Source records:
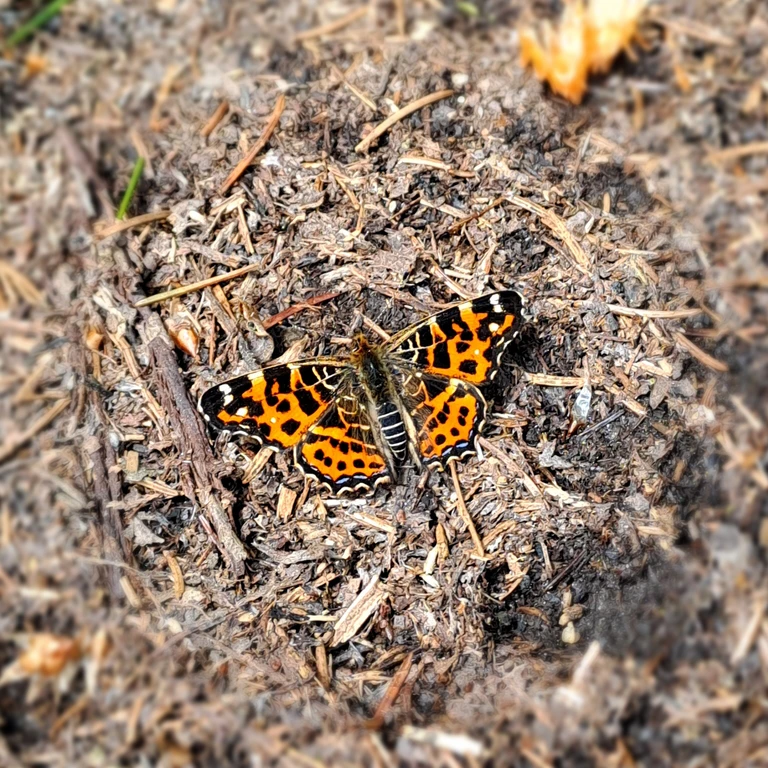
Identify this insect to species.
Araschnia levana
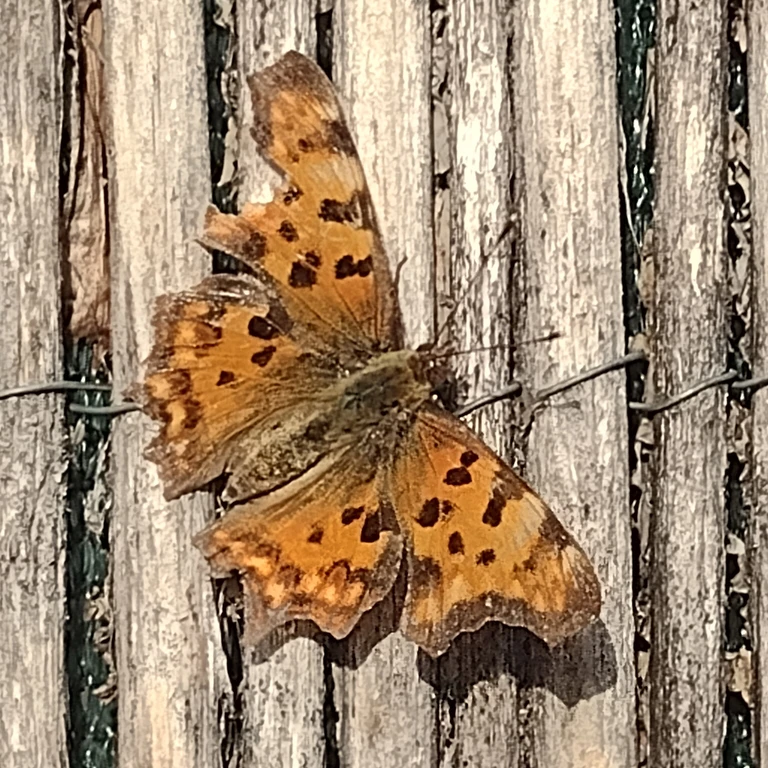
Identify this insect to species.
Polygonia c-album
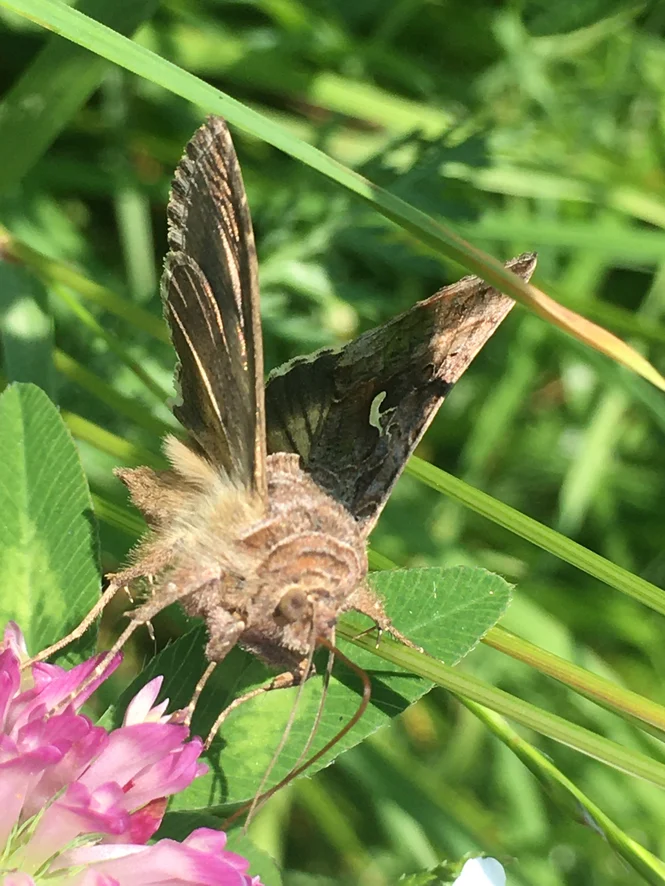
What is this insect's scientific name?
Autographa gamma
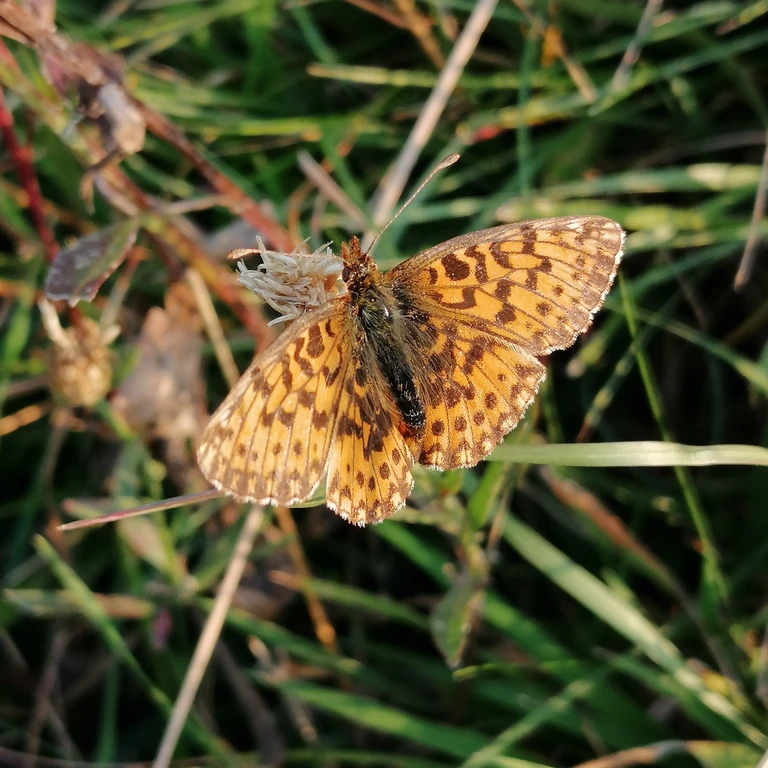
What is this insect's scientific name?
Boloria dia

**Task directions**. Where a record holds a picture, leave the picture out and restate the rest word for word.

**Task response**.
Identify this insect to species.
Araschnia levana
Identify this insect to species.
Polygonia c-album
What is this insect's scientific name?
Autographa gamma
What is this insect's scientific name?
Boloria dia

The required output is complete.